I have this post I've picked up from soomewhere - no idea what, but it looks fairly standard, except for the one face that looks really interesting.

These 3 photos show the two faces.















I shouldn't run into any problems if I want to glue it to another piece of wood like this, should I? It's still just long grain to long grain?


----------



## Orraloon (2 Jan 2021)

To me that does not look like one bit of wood. At a guess I would say its 2 different timbers miter joined. First pic looks like some kind of ceder and the last 2 look like meranti.
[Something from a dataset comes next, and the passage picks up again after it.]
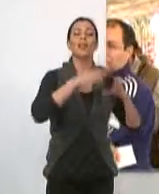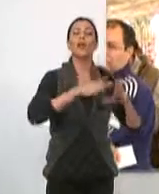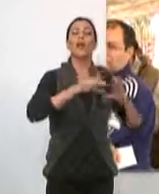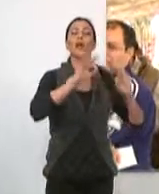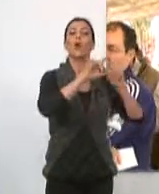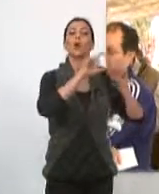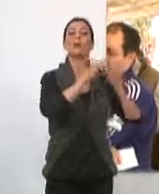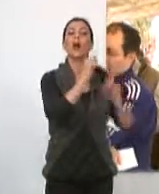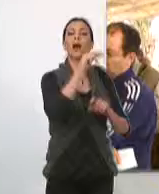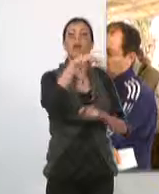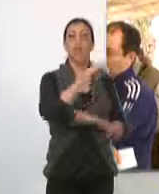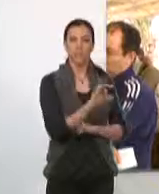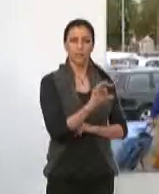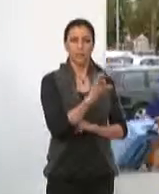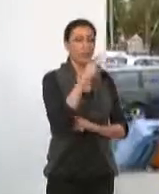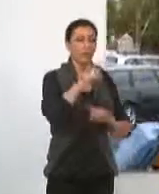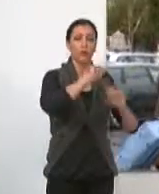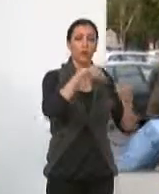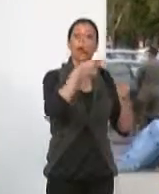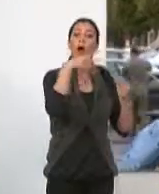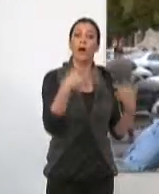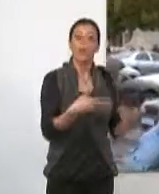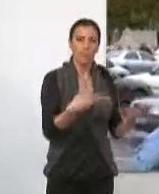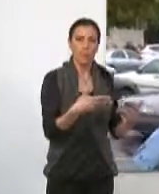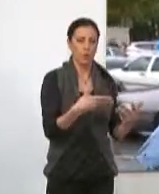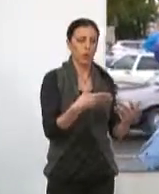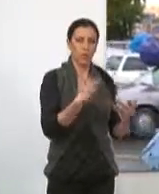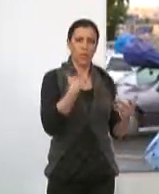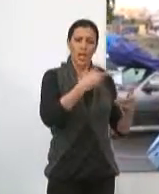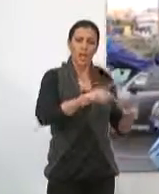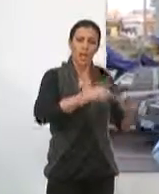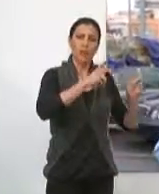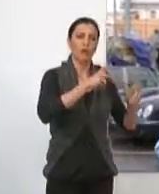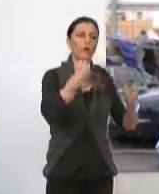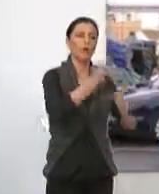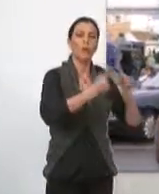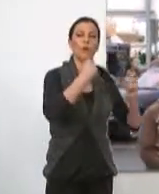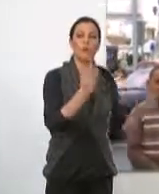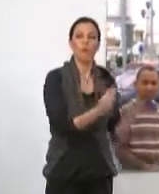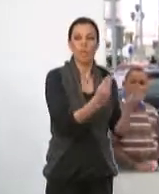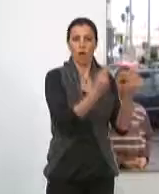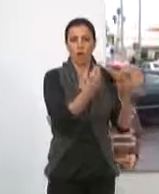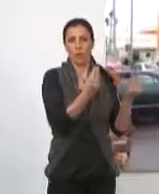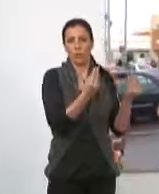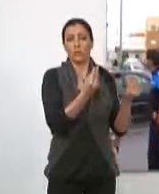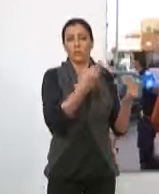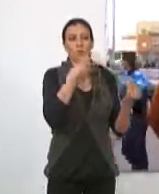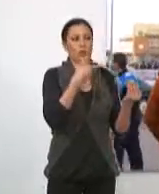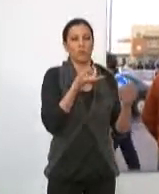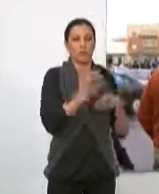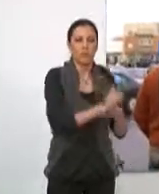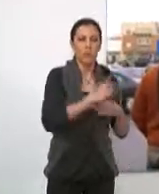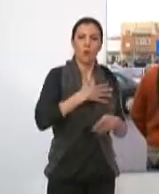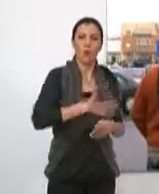Naviera Armas y cuyo contrato se encuentra actualmente en periodo de licitación con mejoras en cuanto a

A look at the end grain would help resolve things.
Regards
John


----------



## Peri (2 Jan 2021)

Defo just one piece.


----------



## ComfortablyNumb (2 Jan 2021)

That looks like a piece of Douglas Fir and Sapele.You'll be fine glueing them together and as long as they have similar moisture content they'll stay straight.


----------



## Peri (2 Jan 2021)

Thanks - I thought so but just wanted to check I wasn't asking for trouble


----------



## thetyreman (2 Jan 2021)

how heavy is the softwood? it looks like pitch pine to me, if it's very heavy it's likely to be pitch pine, if not douglas fir, does it smell like sherbert dip?


----------



## Peri (2 Jan 2021)

It's not pitch pine - I have some of that and it's heavier than most of the hardwoods I've got !


----------